*** Begin section ***
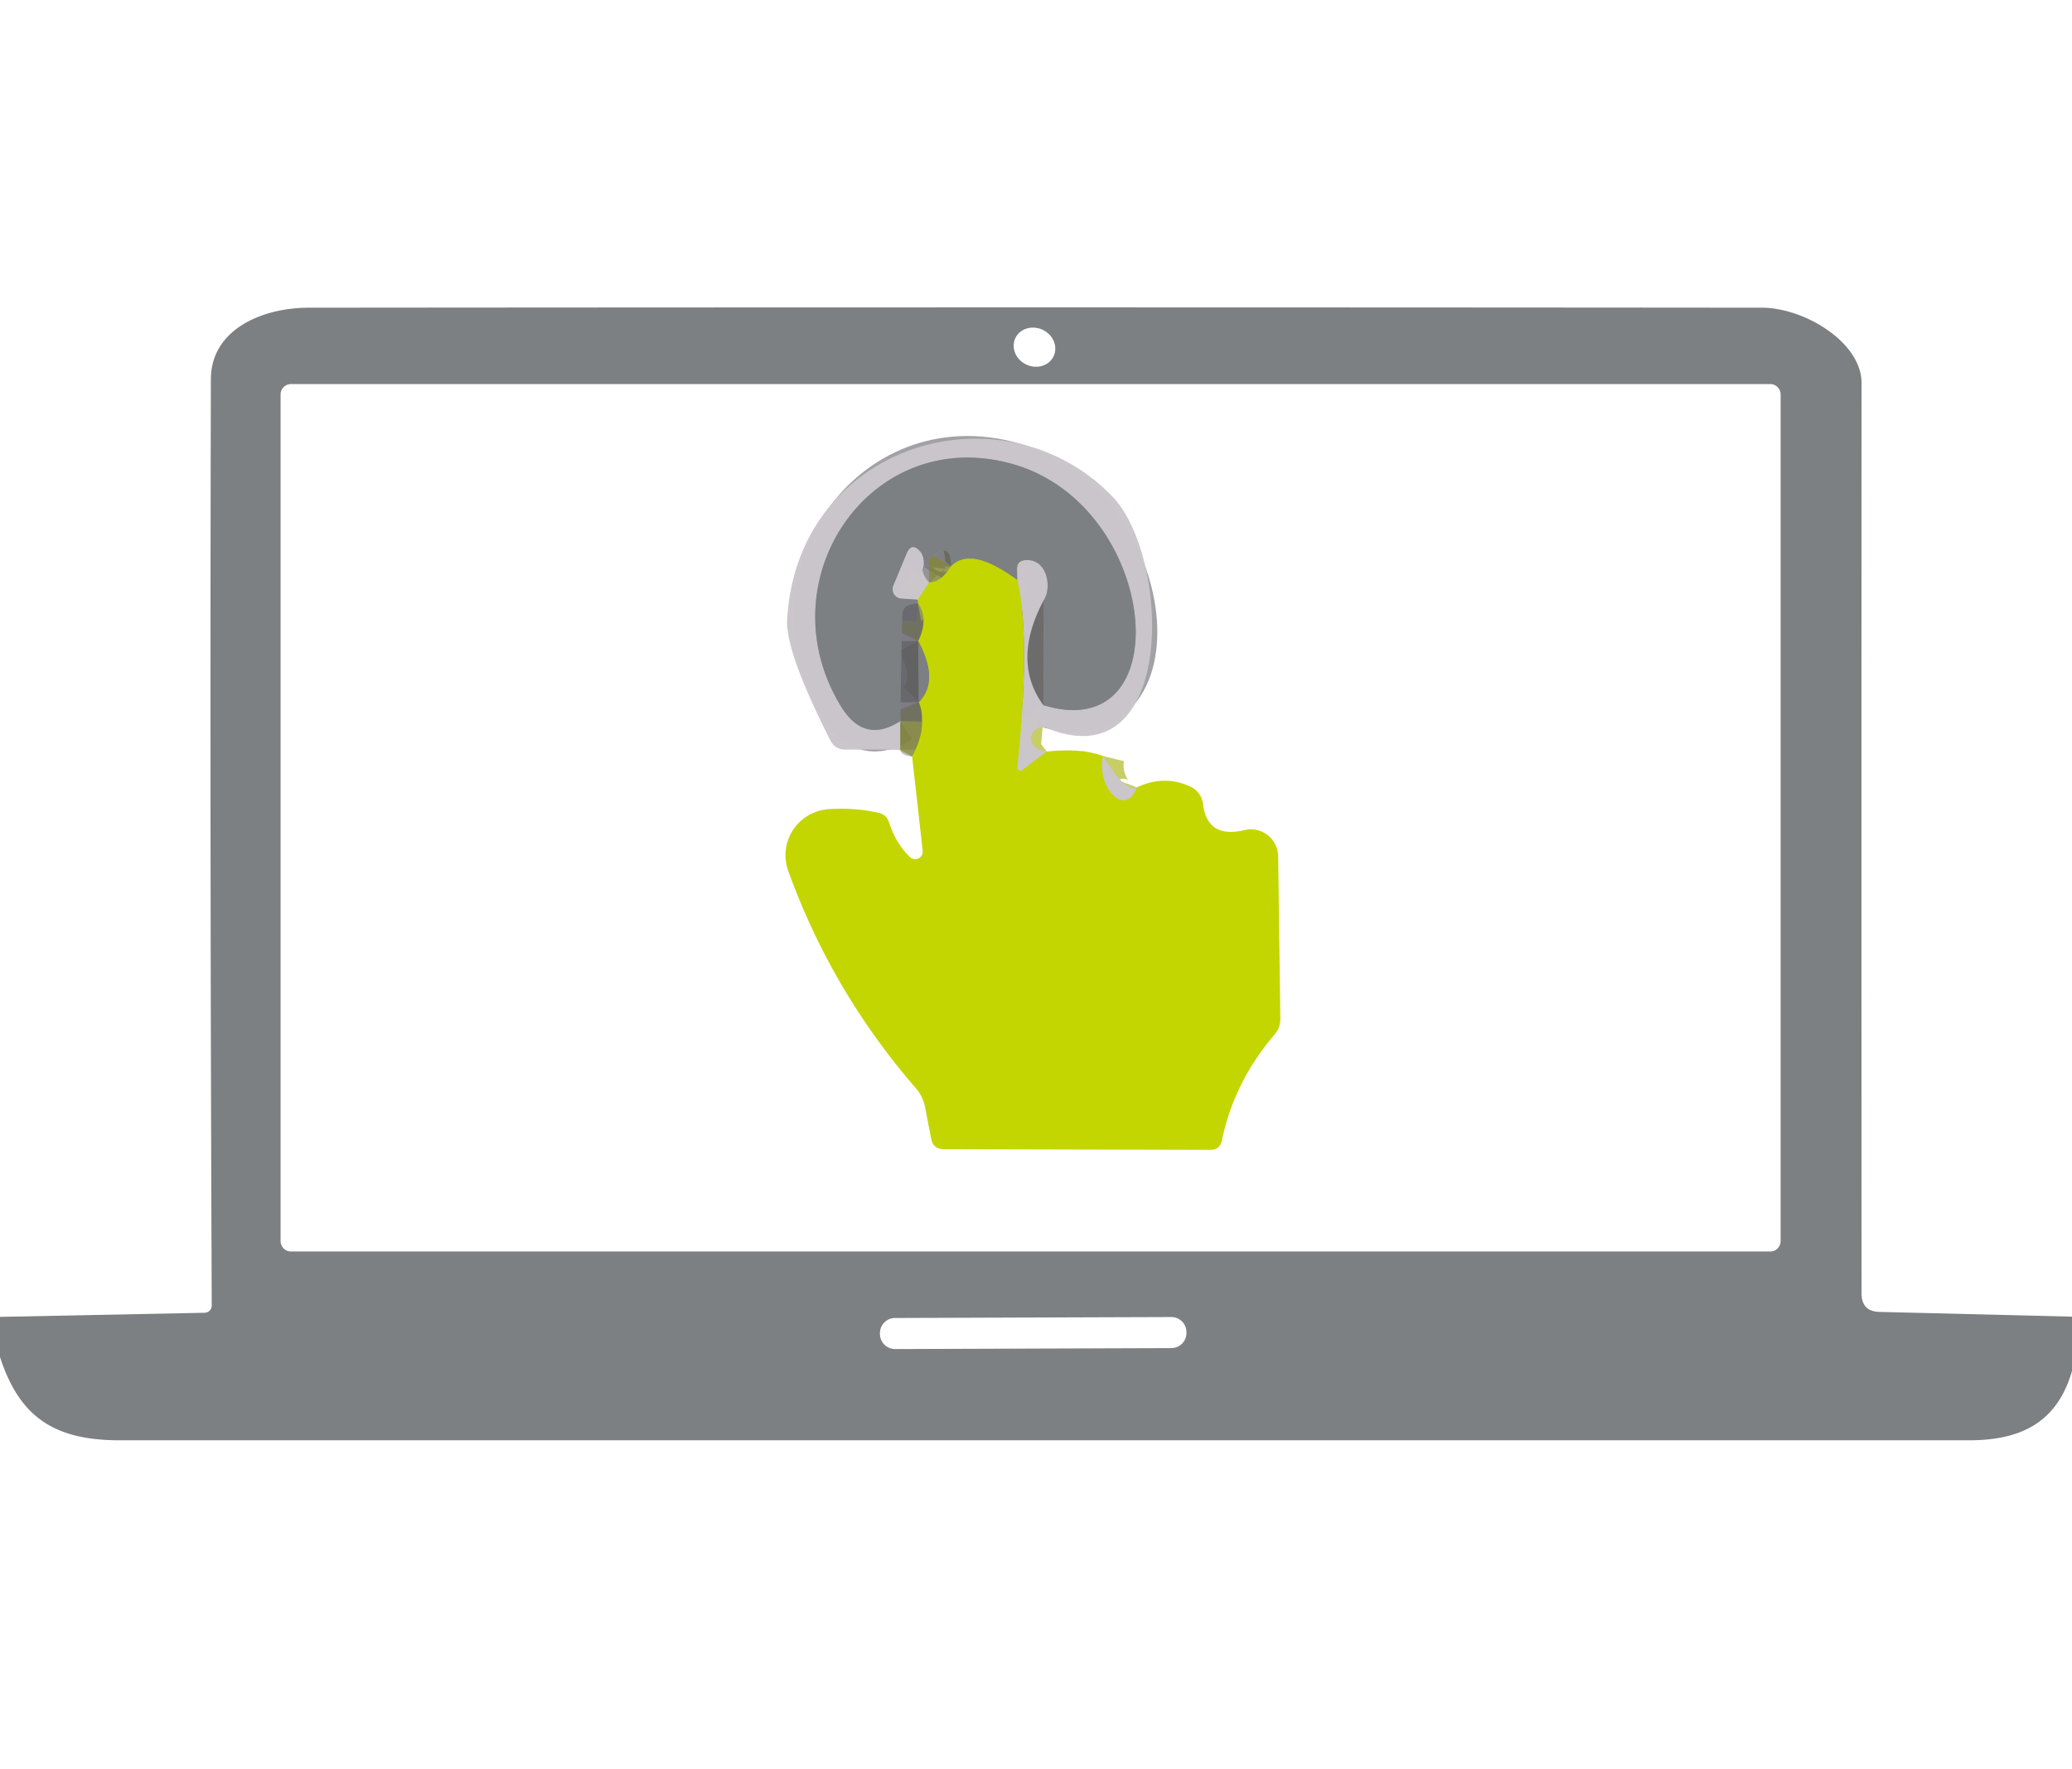 <?xml version="1.0" encoding="UTF-8" standalone="no"?>
<!DOCTYPE svg PUBLIC "-//W3C//DTD SVG 1.1//EN" "http://www.w3.org/Graphics/SVG/1.1/DTD/svg11.dtd">
<svg xmlns="http://www.w3.org/2000/svg" version="1.1" viewBox="0.00 0.00 96.00 82.00">
<g stroke-width="2.00" fill="none" stroke-linecap="butt">
<path stroke="#c6ce65" stroke-opacity="0.996" vector-effect="non-scaling-stroke" d="
  M 48.50 34.83
  L 47.37 35.69
  A 0.15 0.15 0.0 0 1 47.13 35.56
  Q 47.76 29.54 47.13 26.88"
/>
<path stroke="#a2a2a6" stroke-opacity="0.996" vector-effect="non-scaling-stroke" d="
  M 47.13 26.88
  L 47.12 26.38
  Q 47.11 25.99 47.50 25.96
  C 48.54 25.87 48.75 27.26 48.35 27.83"
/>
<path stroke="#a7a2a9" stroke-opacity="0.671" vector-effect="non-scaling-stroke" d="
  M 48.35 27.83
  Q 46.86 30.65 48.34 32.68"
/>
<path stroke="#a2a2a6" stroke-opacity="0.996" vector-effect="non-scaling-stroke" d="
  M 48.34 32.68
  C 54.71 34.64 53.75 23.45 46.93 21.51
  C 40.31 19.62 35.39 26.94 38.98 32.76
  Q 40.05 34.49 41.71 33.42"
/>
<path stroke="#a7a2a9" stroke-opacity="0.671" vector-effect="non-scaling-stroke" d="
  M 41.71 33.42
  L 41.71 34.74"
/>
<path stroke="#c6ce65" stroke-opacity="0.996" vector-effect="non-scaling-stroke" d="
  M 51.11 35.04
  C 50.78 36.39 52.10 37.98 52.67 36.49"
/>
<path stroke="#a3af14" stroke-opacity="0.675" vector-effect="non-scaling-stroke" d="
  M 42.26 35.06
  Q 43.01 33.66 42.57 32.54"
/>
<path stroke="#a0ab42" vector-effect="non-scaling-stroke" d="
  M 42.57 32.54
  Q 43.54 31.56 42.54 29.71"
/>
<path stroke="#a3af14" stroke-opacity="0.675" vector-effect="non-scaling-stroke" d="
  M 42.54 29.71
  Q 43.04 28.69 42.53 27.95"
/>
<path stroke="#6e6f74" stroke-opacity="0.675" vector-effect="non-scaling-stroke" d="
  M 42.54 29.71
  L 42.57 32.54"
/>
<path stroke="#6e6f74" stroke-opacity="0.675" vector-effect="non-scaling-stroke" d="
  M 48.34 32.68
  L 48.35 27.83"
/>
<path stroke="#a0ab42" vector-effect="non-scaling-stroke" d="
  M 47.13 26.88
  Q 44.96 25.29 44.06 26.25"
/>
<path stroke="#6e6f74" stroke-opacity="0.675" vector-effect="non-scaling-stroke" d="
  M 44.06 26.25
  C 44.08 24.85 43.08 25.79 42.79 26.27"
/>
<path stroke="#a2a2a6" stroke-opacity="0.996" vector-effect="non-scaling-stroke" d="
  M 42.79 26.27
  Q 42.83 25.80 42.64 25.57
  Q 42.23 25.10 42.00 25.68
  L 41.39 27.15
  A 0.43 0.43 0.0 0 0 41.76 27.74
  L 42.53 27.79"
/>
<path stroke="#a0ab42" vector-effect="non-scaling-stroke" d="
  M 42.53 27.79
  Q 42.53 27.87 42.53 27.95"
/>
<path stroke="#6e6f74" stroke-opacity="0.675" vector-effect="non-scaling-stroke" d="
  M 42.53 27.95
  L 42.26 28.00
  Q 41.81 28.08 41.80 28.54
  L 41.71 33.42"
/>
<path stroke="#a7a2a9" stroke-opacity="0.671" vector-effect="non-scaling-stroke" d="
  M 42.79 26.27
  Q 42.65 26.55 43.05 27.00"
/>
<path stroke="#c6ce65" stroke-opacity="0.996" vector-effect="non-scaling-stroke" d="
  M 43.05 27.00
  L 42.53 27.79"
/>
<path stroke="#a3af14" stroke-opacity="0.675" vector-effect="non-scaling-stroke" d="
  M 44.06 26.25
  Q 43.61 26.99 43.05 27.00"
/>
</g>
<path fill="#7c8082" d="
  M 96.00 61.02
  L 96.00 63.54
  C 95.32 65.88 93.70 66.75 91.23 66.75
  Q 48.39 66.75 5.54 66.75
  C 2.51 66.75 0.90 65.67 0.00 62.89
  L 0.00 61.03
  L 9.48 60.84
  A 0.34 0.33 -0.9 0 0 9.81 60.51
  Q 9.72 38.24 9.77 17.57
  C 9.78 15.27 12.14 14.26 14.31 14.26
  Q 47.97 14.23 81.64 14.26
  C 83.62 14.27 86.25 15.87 86.25 17.75
  Q 86.24 38.51 86.25 59.94
  Q 86.25 60.78 87.08 60.80
  L 96.00 61.02
  Z
  M 48.815 16.512
  A 0.98 0.89 25.5 0 0 48.313 15.287
  A 0.98 0.89 25.5 0 0 47.045 15.668
  A 0.98 0.89 25.5 0 0 47.547 16.893
  A 0.98 0.89 25.5 0 0 48.815 16.512
  Z
  M 82.50 18.28
  A 0.48 0.48 0.0 0 0 82.02 17.80
  L 13.48 17.80
  A 0.48 0.48 0.0 0 0 13.00 18.28
  L 13.00 57.52
  A 0.48 0.48 0.0 0 0 13.48 58.00
  L 82.02 58.00
  A 0.48 0.48 0.0 0 0 82.50 57.52
  L 82.50 18.28
  Z
  M 54.97 61.735
  A 0.70 0.70 0.0 0 0 54.267 61.038
  L 41.468 61.082
  A 0.70 0.70 0.0 0 0 40.77 61.785
  L 40.77 61.825
  A 0.70 0.70 0.0 0 0 41.473 62.522
  L 54.273 62.478
  A 0.70 0.70 0.0 0 0 54.97 61.775
  L 54.97 61.735
  Z"
/>
<path fill="#c9c5ca" fill-opacity="0.992" d="
  M 48.50 34.83
  L 47.37 35.69
  A 0.15 0.15 0.0 0 1 47.13 35.56
  Q 47.76 29.54 47.13 26.88
  L 47.12 26.38
  Q 47.11 25.99 47.50 25.96
  C 48.54 25.87 48.75 27.26 48.35 27.83
  Q 46.86 30.65 48.34 32.68
  C 54.71 34.64 53.75 23.45 46.93 21.51
  C 40.31 19.62 35.39 26.94 38.98 32.76
  Q 40.05 34.49 41.71 33.42
  L 41.71 34.74
  L 39.16 34.74
  Q 38.70 34.74 38.48 34.33
  Q 36.40 30.23 36.47 28.74
  C 36.90 20.58 46.41 17.74 51.52 22.99
  C 54.27 25.80 54.51 36.19 48.49 33.74
  A 0.52 0.52 0.0 0 0 47.89 34.54
  Q 48.06 34.76 48.50 34.83
  Z"
/>
<path fill="#7c8082" d="
  M 48.34 32.68
  L 48.35 27.83
  C 48.75 27.26 48.54 25.87 47.50 25.96
  Q 47.11 25.99 47.12 26.38
  L 47.13 26.88
  Q 44.96 25.29 44.06 26.25
  C 44.08 24.85 43.08 25.79 42.79 26.27
  Q 42.83 25.80 42.64 25.57
  Q 42.23 25.10 42.00 25.68
  L 41.39 27.15
  A 0.43 0.43 0.0 0 0 41.76 27.74
  L 42.53 27.79
  Q 42.53 27.87 42.53 27.95
  L 42.26 28.00
  Q 41.81 28.08 41.80 28.54
  L 41.71 33.42
  Q 40.05 34.49 38.98 32.76
  C 35.39 26.94 40.31 19.62 46.93 21.51
  C 53.75 23.45 54.71 34.64 48.34 32.68
  Z"
/>
<path fill="#c9c5ca" fill-opacity="0.992" d="
  M 42.79 26.27
  Q 42.65 26.55 43.05 27.00
  L 42.53 27.79
  L 41.76 27.74
  A 0.43 0.43 0.0 0 1 41.39 27.15
  L 42.00 25.68
  Q 42.23 25.10 42.64 25.57
  Q 42.83 25.80 42.79 26.27
  Z"
/>
<path fill="#453e4c" fill-opacity="0.345" d="
  M 44.06 26.25
  Q 43.61 26.99 43.05 27.00
  Q 42.65 26.55 42.79 26.27
  C 43.08 25.79 44.08 24.85 44.06 26.25
  Z"
/>
<path fill="#c3d601" d="
  M 47.13 26.88
  Q 47.76 29.54 47.13 35.56
  A 0.15 0.15 0.0 0 0 47.37 35.69
  L 48.50 34.83
  Q 50.10 34.66 51.11 35.04
  C 50.78 36.39 52.10 37.98 52.67 36.49
  Q 53.96 35.89 55.16 36.46
  A 1.01 1.01 0.0 0 1 55.74 37.27
  Q 55.94 38.88 57.66 38.47
  A 1.27 1.26 82.7 0 1 59.22 39.68
  L 59.32 47.20
  A 1.11 1.09 65.3 0 1 59.05 47.95
  Q 57.18 50.13 56.61 52.86
  Q 56.52 53.29 56.08 53.29
  L 43.74 53.26
  Q 43.23 53.26 43.14 52.76
  L 42.86 51.31
  Q 42.76 50.81 42.43 50.43
  Q 38.53 45.93 36.52 40.36
  A 2.14 2.14 0.0 0 1 38.40 37.50
  Q 39.61 37.42 40.71 37.67
  Q 41.07 37.75 41.19 38.11
  Q 41.51 39.10 42.16 39.72
  A 0.35 0.35 0.0 0 0 42.75 39.43
  L 42.26 35.06
  Q 43.01 33.66 42.57 32.54
  Q 43.54 31.56 42.54 29.71
  Q 43.04 28.69 42.53 27.95
  Q 42.53 27.87 42.53 27.79
  L 43.05 27.00
  Q 43.61 26.99 44.06 26.25
  Q 44.96 25.29 47.13 26.88
  Z"
/>
<path fill="#453e4c" fill-opacity="0.345" d="
  M 42.53 27.95
  Q 43.04 28.69 42.54 29.71
  L 42.57 32.54
  Q 43.01 33.66 42.26 35.06
  Q 41.74 35.01 41.71 34.74
  L 41.71 33.42
  L 41.80 28.54
  Q 41.81 28.08 42.26 28.00
  L 42.53 27.95
  Z"
/>
<path fill="#453e4c" fill-opacity="0.345" d="
  M 48.35 27.83
  L 48.34 32.68
  Q 46.86 30.65 48.35 27.83
  Z"
/>
<path fill="#7c8082" d="
  M 42.54 29.71
  Q 43.54 31.56 42.57 32.54
  L 42.54 29.71
  Z"
/>
<path fill="#c9c5ca" fill-opacity="0.992" d="
  M 51.11 35.04
  Q 52.13 36.73 52.67 36.49
  C 52.10 37.98 50.78 36.39 51.11 35.04
  Z"
/>
</svg>
*** End section ***
- [Task details]
Take every line from the data that includes the word "http".

- [Completed task]
<!DOCTYPE svg PUBLIC "-//W3C//DTD SVG 1.1//EN" "http://www.w3.org/Graphics/SVG/1.1/DTD/svg11.dtd">
<svg xmlns="http://www.w3.org/2000/svg" version="1.1" viewBox="0.00 0.00 96.00 82.00">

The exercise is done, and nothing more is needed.